Task prompt =
All of the data should be reproduced word for word, though its pictures must be omitted.

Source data

━━━

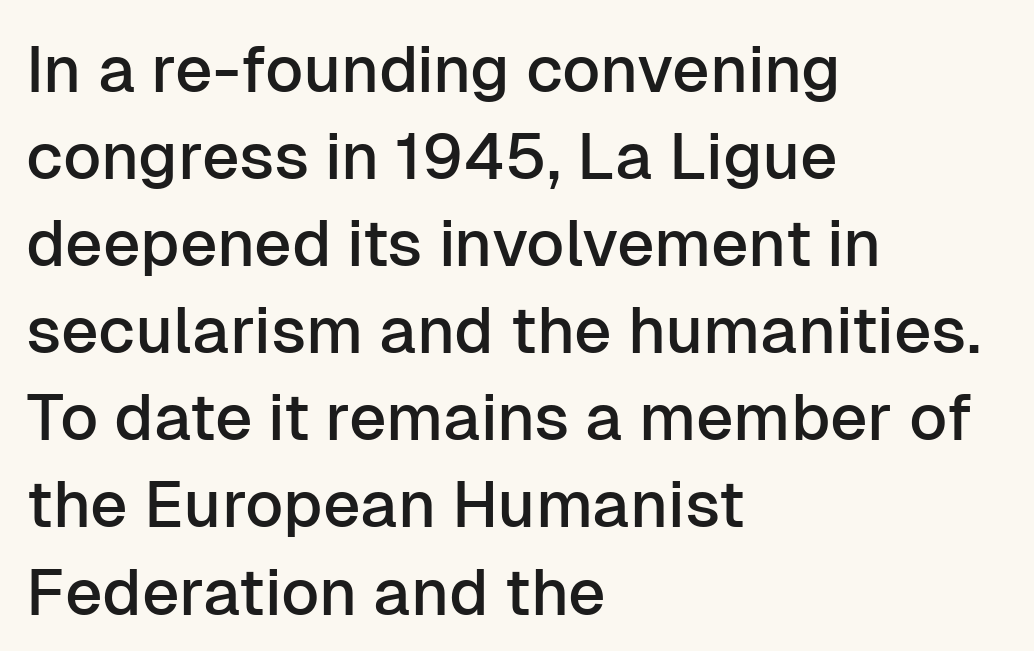
Q: Is the text italic (slanted)? A: No, it is upright.
Q: Is the typeface a serif or a sans-serif typeface? A: Sans-serif.
Q: Is the text underlined? A: No.
Q: How is the paragraph aligned? A: Left-aligned.
Q: Is the spacing between letters normal or unusually wide? A: Normal.
Q: Is the spacing between lines tight, normal or loose? A: Normal.
Q: Width (condensed, normal, or wide)? A: Normal.
Q: Stroke contrast? A: Low.
Q: x-height? A: Medium.
Q: Monospaced? A: No.
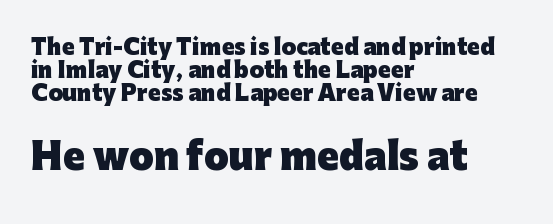
Q: Is the text bold? A: Yes.
Q: Is the text italic (slanted)? A: No, it is upright.
Q: Is the typeface a serif or a sans-serif typeface? A: Sans-serif.
Q: Is the text underlined? A: No.
Q: How is the paragraph aligned? A: Left-aligned.
Q: Is the spacing between letters normal or unusually wide? A: Normal.
Q: Is the spacing between lines tight, normal or loose? A: Tight.
Q: Which block of text is set in a larger size, the first (top) or the second (bottom)? A: The second (bottom) one.
Q: Width (condensed, normal, or wide)? A: Normal.
Q: Stroke contrast? A: Low.
Q: x-height? A: Medium.
Q: Monospaced? A: No.
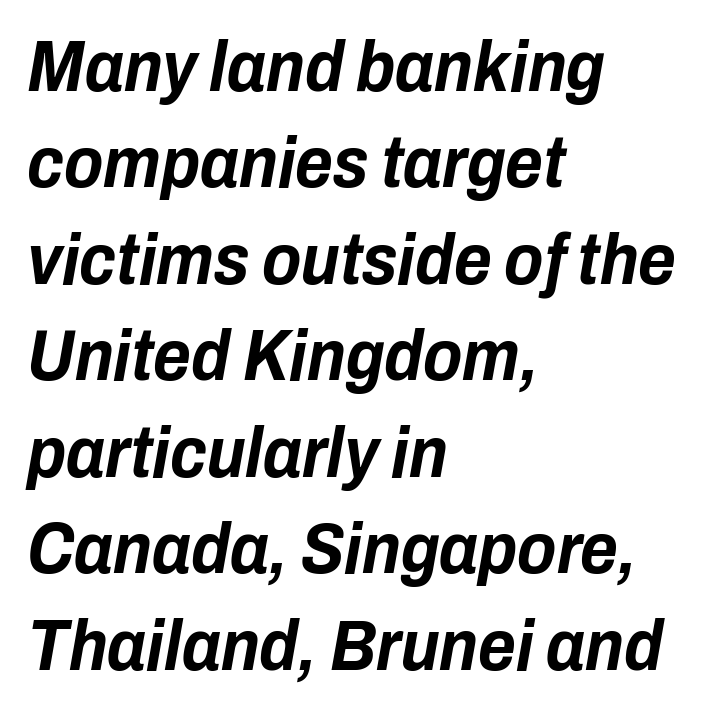
Q: Is the text bold? A: Yes.
Q: Is the text italic (slanted)? A: Yes, it leans right by about 10 degrees.
Q: Is the text underlined? A: No.
Q: How is the paragraph aligned? A: Left-aligned.
Q: Is the spacing between letters normal or unusually wide? A: Normal.
Q: Is the spacing between lines tight, normal or loose? A: Normal.
Q: Width (condensed, normal, or wide)? A: Condensed.
Q: Stroke contrast? A: Low.
Q: x-height? A: Medium.
Q: Monospaced? A: No.
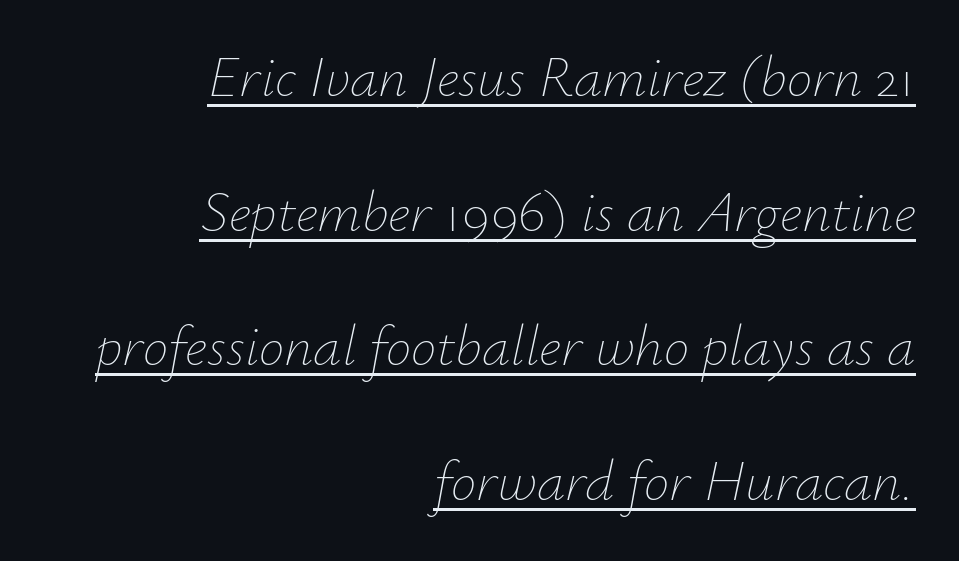
{"italic": "yes", "lean": "right", "slant_degrees": 12, "bold": "no", "weight": "thin", "width": "normal", "stroke_contrast": "low", "x_height": "small", "monospaced": "no", "underline": "yes", "align": "right", "line_spacing": "loose", "line_spacing_ratio": 2.36, "letter_spacing": "normal", "letter_spacing_em": 0.0, "glyph_px": 57}
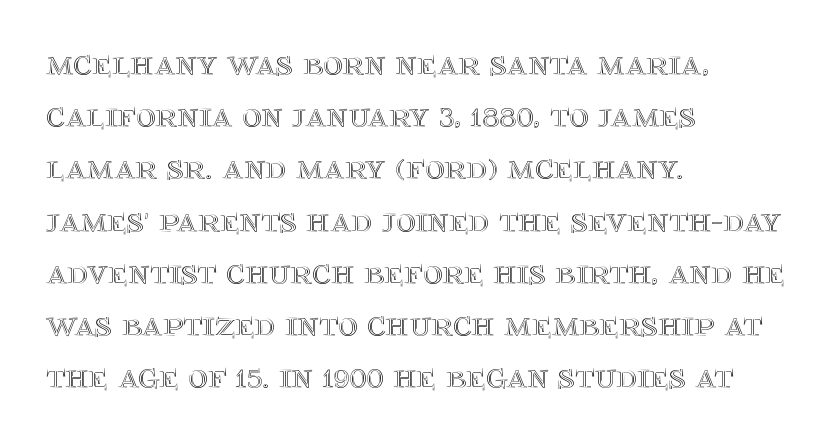
{"italic": "no", "width": "normal", "x_height": "large", "monospaced": "no", "underline": "no", "align": "left", "line_spacing": "normal", "line_spacing_ratio": 1.41, "letter_spacing": "normal", "letter_spacing_em": 0.0, "glyph_px": 37}
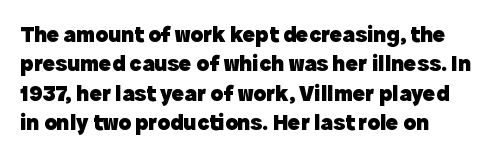
{"italic": "no", "bold": "yes", "underline": "no", "align": "left", "line_spacing": "normal", "line_spacing_ratio": 1.28, "letter_spacing": "normal", "letter_spacing_em": 0.0, "glyph_px": 23}
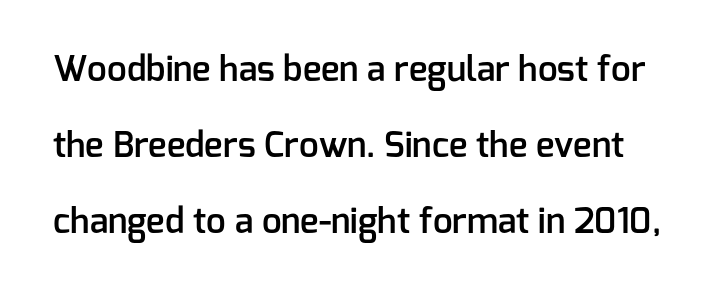
Q: Is the text bold? A: Semi-bold.
Q: Is the text italic (slanted)? A: No, it is upright.
Q: Is the typeface a serif or a sans-serif typeface? A: Sans-serif.
Q: Is the text underlined? A: No.
Q: Is the spacing between letters normal or unusually wide? A: Normal.
Q: Is the spacing between lines tight, normal or loose? A: Loose.
Q: Width (condensed, normal, or wide)? A: Normal.
Q: Stroke contrast? A: Low.
Q: x-height? A: Medium.
Q: Monospaced? A: No.
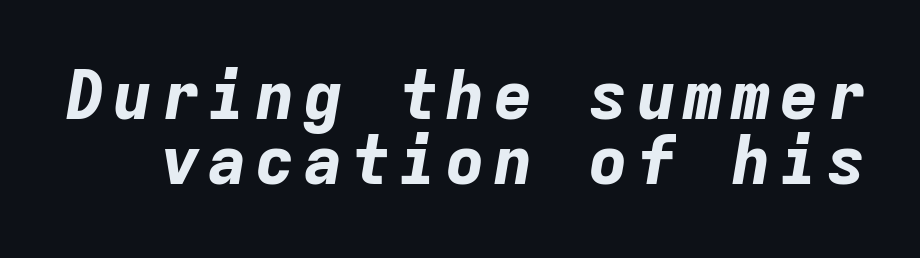
{"italic": "yes", "lean": "right", "slant_degrees": 9, "bold": "yes", "weight": "bold", "width": "normal", "stroke_contrast": "low", "x_height": "medium", "monospaced": "yes", "underline": "no", "line_spacing": "tight", "line_spacing_ratio": 0.96, "glyph_px": 68}
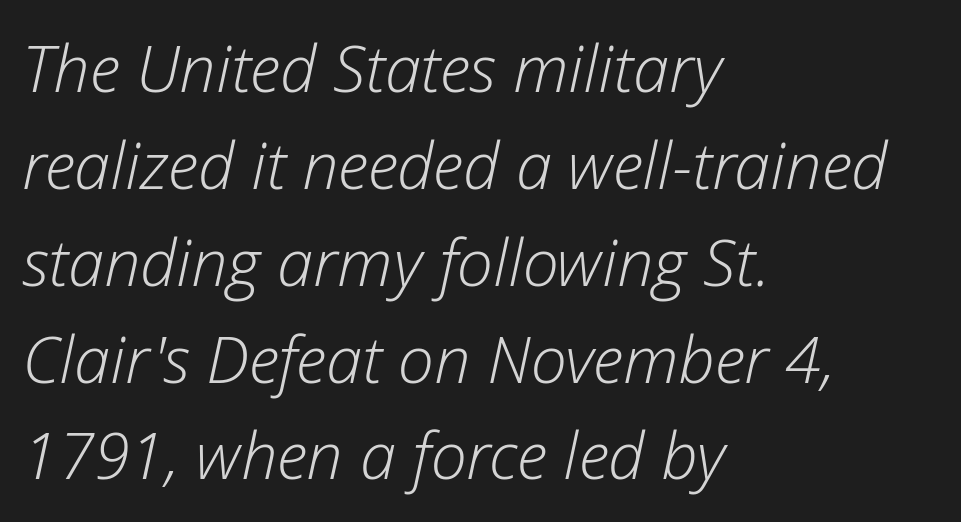
Left-aligned paragraph, ragged on the right. You could call the tracking neutral — neither tight nor loose. There's an unmistakable incline to the writing here. The rendering uses a moderate line-height, typical for paragraphs. Just letters on the line, the space beneath them empty. Caption: face not bold, strokes unweighted.
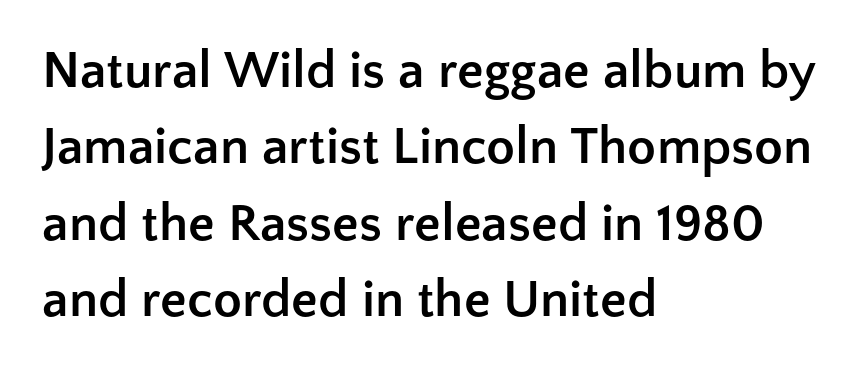
The image shows 53 px semibold sans-serif type, upright; set left-aligned, normal line spacing (1.44x), normal letter spacing, not underlined; low stroke contrast and a medium x-height.
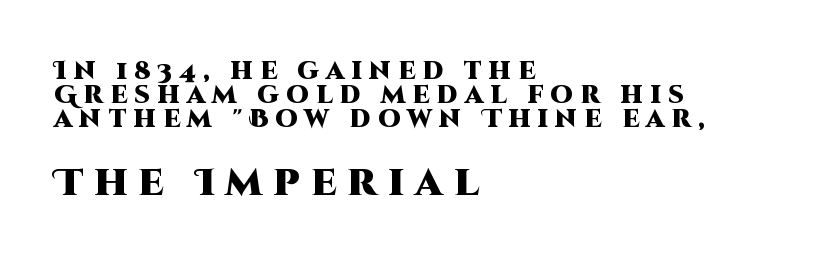
Q: Is the text bold? A: Yes.
Q: Is the text italic (slanted)? A: No, it is upright.
Q: Is the typeface a serif or a sans-serif typeface? A: Sans-serif.
Q: Is the text underlined? A: No.
Q: How is the paragraph aligned? A: Left-aligned.
Q: Is the spacing between letters normal or unusually wide? A: Unusually wide.
Q: Is the spacing between lines tight, normal or loose? A: Tight.
Q: Which block of text is set in a larger size, the first (top) or the second (bottom)? A: The second (bottom) one.
Q: Width (condensed, normal, or wide)? A: Normal.
Q: Stroke contrast? A: High.
Q: x-height? A: Large.
Q: Monospaced? A: No.
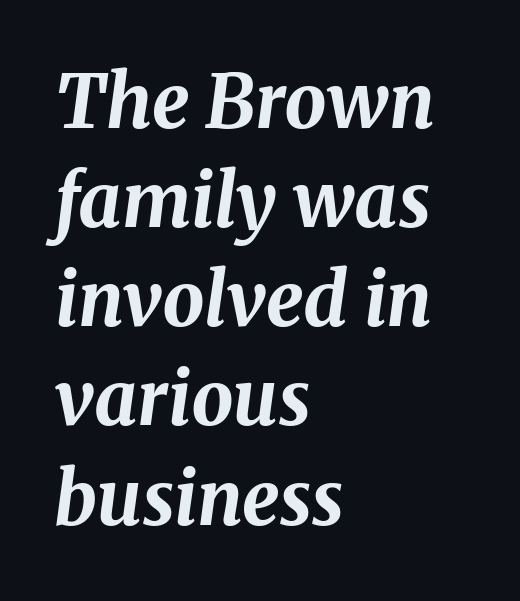
{"italic": "yes", "lean": "right", "slant_degrees": 8, "bold": "yes", "weight": "bold", "width": "normal", "stroke_contrast": "medium", "x_height": "medium", "monospaced": "no", "underline": "no", "align": "left", "line_spacing": "normal", "line_spacing_ratio": 1.34, "letter_spacing": "normal", "letter_spacing_em": 0.0, "glyph_px": 74}
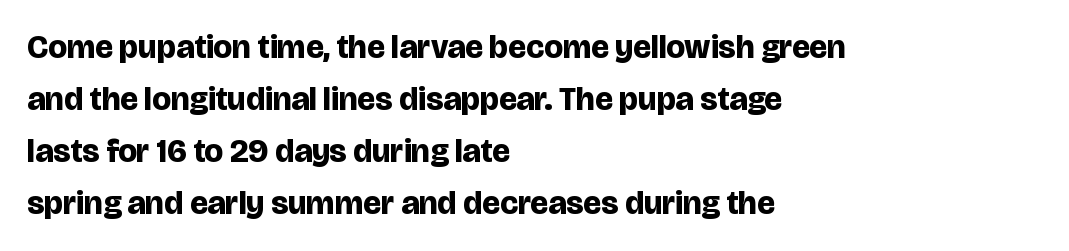
{"serif": "no", "italic": "no", "bold": "yes", "weight": "bold", "width": "normal", "stroke_contrast": "low", "x_height": "large", "monospaced": "no", "underline": "no", "align": "left", "line_spacing": "normal", "line_spacing_ratio": 1.58, "letter_spacing": "normal", "letter_spacing_em": 0.0, "glyph_px": 33}

━━━

Answer to this task =
Q: Is the text italic (slanted)? A: No, it is upright.
Q: Is the typeface a serif or a sans-serif typeface? A: Sans-serif.
Q: Is the text underlined? A: No.
Q: How is the paragraph aligned? A: Left-aligned.
Q: Is the spacing between letters normal or unusually wide? A: Normal.
Q: Is the spacing between lines tight, normal or loose? A: Normal.
Q: Width (condensed, normal, or wide)? A: Normal.
Q: Stroke contrast? A: Low.
Q: x-height? A: Medium.
Q: Monospaced? A: No.
Q: Is the text bold? A: Yes.
Q: Is the text italic (slanted)? A: No, it is upright.
Q: Is the typeface a serif or a sans-serif typeface? A: Sans-serif.
Q: Is the text underlined? A: No.
Q: How is the paragraph aligned? A: Left-aligned.
Q: Is the spacing between letters normal or unusually wide? A: Normal.
Q: Is the spacing between lines tight, normal or loose? A: Tight.
Q: Which block of text is set in a larger size, the first (top) or the second (bottom)? A: The second (bottom) one.
Q: Width (condensed, normal, or wide)? A: Normal.
Q: Stroke contrast? A: Low.
Q: x-height? A: Medium.
Q: Monospaced? A: No.
Q: Is the text bold? A: Yes.
Q: Is the text italic (slanted)? A: Yes, it leans right by about 10 degrees.
Q: Is the text underlined? A: No.
Q: How is the paragraph aligned? A: Left-aligned.
Q: Is the spacing between letters normal or unusually wide? A: Normal.
Q: Is the spacing between lines tight, normal or loose? A: Normal.
Q: Width (condensed, normal, or wide)? A: Condensed.
Q: Stroke contrast? A: Low.
Q: x-height? A: Medium.
Q: Monospaced? A: No.
{"italic": "yes", "lean": "right", "slant_degrees": 12, "bold": "no", "weight": "thin", "width": "normal", "stroke_contrast": "low", "x_height": "small", "monospaced": "no", "underline": "yes", "align": "right", "line_spacing": "loose", "line_spacing_ratio": 2.36, "letter_spacing": "normal", "letter_spacing_em": 0.0, "glyph_px": 57}
{"italic": "no", "width": "normal", "x_height": "large", "monospaced": "no", "underline": "no", "align": "left", "line_spacing": "normal", "line_spacing_ratio": 1.41, "letter_spacing": "normal", "letter_spacing_em": 0.0, "glyph_px": 37}
{"italic": "no", "bold": "yes", "underline": "no", "align": "left", "line_spacing": "normal", "line_spacing_ratio": 1.28, "letter_spacing": "normal", "letter_spacing_em": 0.0, "glyph_px": 23}
Q: Is the text bold? A: Semi-bold.
Q: Is the text italic (slanted)? A: No, it is upright.
Q: Is the typeface a serif or a sans-serif typeface? A: Sans-serif.
Q: Is the text underlined? A: No.
Q: Is the spacing between letters normal or unusually wide? A: Normal.
Q: Is the spacing between lines tight, normal or loose? A: Loose.
Q: Width (condensed, normal, or wide)? A: Normal.
Q: Stroke contrast? A: Low.
Q: x-height? A: Medium.
Q: Monospaced? A: No.
{"italic": "yes", "lean": "right", "slant_degrees": 9, "bold": "yes", "weight": "bold", "width": "normal", "stroke_contrast": "low", "x_height": "medium", "monospaced": "yes", "underline": "no", "line_spacing": "tight", "line_spacing_ratio": 0.96, "glyph_px": 68}
Left-aligned paragraph, ragged on the right. You could call the tracking neutral — neither tight nor loose. There's an unmistakable incline to the writing here. The rendering uses a moderate line-height, typical for paragraphs. Just letters on the line, the space beneath them empty. Caption: face not bold, strokes unweighted.
The image shows 53 px semibold sans-serif type, upright; set left-aligned, normal line spacing (1.44x), normal letter spacing, not underlined; low stroke contrast and a medium x-height.
Q: Is the text bold? A: Yes.
Q: Is the text italic (slanted)? A: No, it is upright.
Q: Is the typeface a serif or a sans-serif typeface? A: Sans-serif.
Q: Is the text underlined? A: No.
Q: How is the paragraph aligned? A: Left-aligned.
Q: Is the spacing between letters normal or unusually wide? A: Unusually wide.
Q: Is the spacing between lines tight, normal or loose? A: Tight.
Q: Which block of text is set in a larger size, the first (top) or the second (bottom)? A: The second (bottom) one.
Q: Width (condensed, normal, or wide)? A: Normal.
Q: Stroke contrast? A: High.
Q: x-height? A: Large.
Q: Monospaced? A: No.
{"italic": "yes", "lean": "right", "slant_degrees": 8, "bold": "yes", "weight": "bold", "width": "normal", "stroke_contrast": "medium", "x_height": "medium", "monospaced": "no", "underline": "no", "align": "left", "line_spacing": "normal", "line_spacing_ratio": 1.34, "letter_spacing": "normal", "letter_spacing_em": 0.0, "glyph_px": 74}
{"serif": "no", "italic": "no", "bold": "yes", "weight": "bold", "width": "normal", "stroke_contrast": "low", "x_height": "large", "monospaced": "no", "underline": "no", "align": "left", "line_spacing": "normal", "line_spacing_ratio": 1.58, "letter_spacing": "normal", "letter_spacing_em": 0.0, "glyph_px": 33}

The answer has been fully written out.